Ndah Elvis, Jonckheere Veronique, Giess Adam, Valen Eivind, Menschaert Gerben, Van Damme Petra
VIB-UGent Center for Medical Biotechnology, B-9000 Ghent, Belgium.
Department of Biochemistry, Ghent University, B-9000 Ghent, Belgium.
Nucleic Acids Res. 2017 Nov 16;45(20):e168. doi: 10.1093/nar/gkx758.
Prokaryotic genome annotation is highly dependent on automated methods, as manual curation cannot keep up with the exponential growth of sequenced genomes. Current automated methods depend heavily on sequence composition and often underestimate the complexity of the proteome. We developed RibosomeE Profiling Assisted (re-)AnnotaTION (REPARATION), a de novo machine learning algorithm that takes advantage of experimental protein synthesis evidence from ribosome profiling (Ribo-seq) to delineate translated open reading frames (ORFs) in bacteria, independent of genome annotation (https://github.com/Biobix/REPARATION). REPARATION evaluates all possible ORFs in the genome and estimates minimum thresholds based on a growth curve model to screen for spurious ORFs. We applied REPARATION to three annotated bacterial species to obtain a more comprehensive mapping of their translation landscape in support of experimental data. In all cases, we identified hundreds of novel (small) ORFs including variants of previously annotated ORFs and >70% of all (variants of) annotated protein coding ORFs were predicted by REPARATION to be translated. Our predictions are supported by matching mass spectrometry proteomics data, sequence composition and conservation analysis. REPARATION is unique in that it makes use of experimental translation evidence to intrinsically perform a de novo ORF delineation in bacterial genomes irrespective of the sequence features linked to open reading frames.

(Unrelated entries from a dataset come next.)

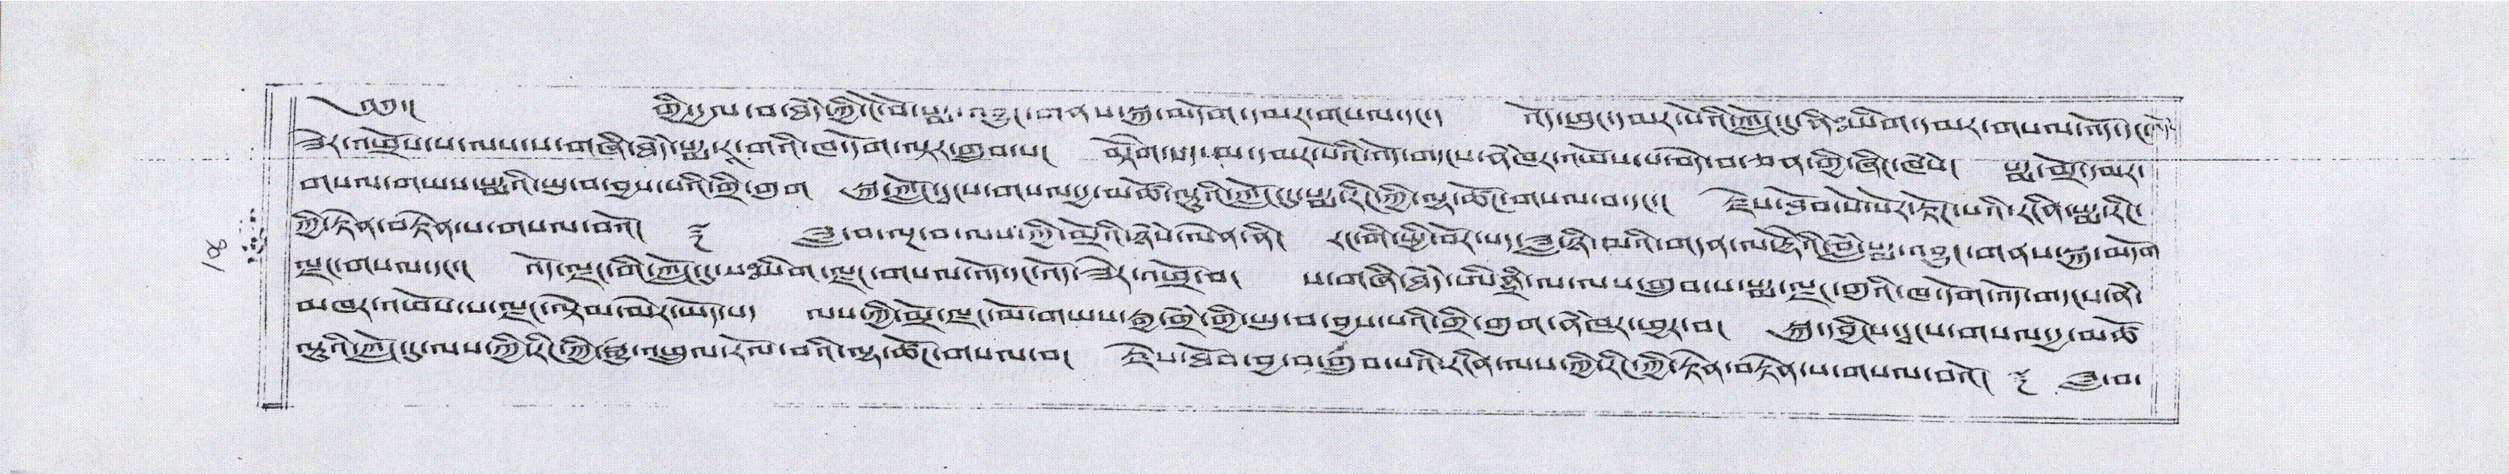གྱི་རྒྱལ་བ་ཐམས་ཅད་ཀྱི་ངོ་བོ་པདྨ་འབྱུང་གནས་སྐུ་མདོག་དམར་གསལ་དང། འོད་ཕུང་དམར་པོའི་ཀློང་དུ་ནིཿཡིག་དམར་གསལ་འོད་དང་
ཟེར་འཕྲོས་པ་ལས་ས་གཞི་ཐམས་ཅད་པདྨ་རཱ་གའི་ཁ་དོག་ལྟར་གྲུབ་པ། མེ་ཏོག་པད་མ་དམར་པོའི་འོད་གདངས་ནམ་མཁར་འཕོས་པ་བདེ་བ་ཅན་གྱི་ཞིང་ཁམས། པདྨ་མཁའ་འགྲོ་དམར་
གསལ་གཡས་པདྨའི་ཡུ་བ་བྱས་པའི་གྲི་གུག སྐུ་ཀློང་དྭངས་གསལ་རྒྱ་མཚོ་ལྟ་བུའི་ཀློང་དུ་པདྨ་རིགས་ཀྱི་ལྷ་ཚོགས་གསལ་བ་དང། རྗེས་ཐོབ་སོ་སོར་རྟོགས་པའི་རང་བཞིན་པདྨ་རིགས་
ཀྱི་རྟེན་བརྟེན་པ་གསལ་བའོ། ༑ ཟླ་བ་ལྔ་པ་ལས་ཀྱི་མཁའ་འགྲོའི་ཉམས་ལེན་ནི། རང་གི་སྤྱི་བོར་པད་ཟླ་ཉི་མའི་གདན་ལ་རྡོ་རྗེའི་བླ་མ་པདྨ་འབྱུང་གནས་སྐུ་མདོག་
ལྗང་གསལ་དང། འོད་ལྗང་གི་ཀློང་དུ་སཿཡིག་ལྗང་གསལ་འོད་དང་འོད་ཟེར་འཕྲོ་བ། ས་གཞི་ཐམས་ཅད་ཨིནྟྲི་ལ་ལས་གྲུབ་པ་པདྨ་ལྗང་གུའི་ཁ་དོག་འོད་གདངས་ནམ་
མཁར་འཕོས་པ་ལྗང་ལྟེམ་མེར་ཡོད་པ། ལས་ཀྱི་མཁའ་འགྲོ་ལྗང་མོ་གཡས་རྒྱ་གྲམ་གྱི་ཡུ་བ་བྱས་པའི་གྲི་གུག་ནམ་མཁར་ཕྱར་བ། སྐུ་དབྱིངས་དྭངས་གསལ་རྒྱ་མཚོ་
ལྟ་བུའི་ཀློང་དུ་ལས་ཀྱི་རིགས་ཀྱི་སྒྱུ་འཕྲུལ་རོལ་བའི་ལྷ་ཚོགས་གསལ་བ། རྗེས་ཐོབ་བྱ་བ་གྲུབ་པའི་རང་བཞིན་ལས་ཀྱི་རིགས་ཀྱི་རྟེན་བརྟེན་པ་གསལ་བའོ། ༑ ཟླ་བ་

原核生物基因组注释高度依赖自动化方法,因为人工注释无法跟上测序基因组呈指数级增长的速度。当前的自动化方法严重依赖序列组成,并且常常低估蛋白质组的复杂性。我们开发了核糖体剖析辅助(重新)注释(REPARATION),这是一种从头开始的机器学习算法,它利用核糖体剖析(Ribo-seq)的实验性蛋白质合成证据来描绘细菌中已翻译的开放阅读框(ORF),而不依赖于基因组注释(https://github.com/Biobix/REPARATION)。REPARATION评估基因组中所有可能的ORF,并基于生长曲线模型估计最小阈值以筛选假阳性ORF。我们将REPARATION应用于三种已注释的细菌物种,以获得它们翻译图谱的更全面映射,以支持实验数据。在所有情况下,我们都鉴定出了数百个新的(小)ORF,包括先前注释的ORF的变体,并且REPARATION预测所有注释的蛋白质编码ORF(及其变体)中有超过70%会被翻译。我们的预测得到了匹配的质谱蛋白质组学数据、序列组成和保守性分析的支持。REPARATION的独特之处在于,它利用实验性翻译证据在细菌基因组中内在地进行从头ORF描绘,而不考虑与开放阅读框相关的序列特征。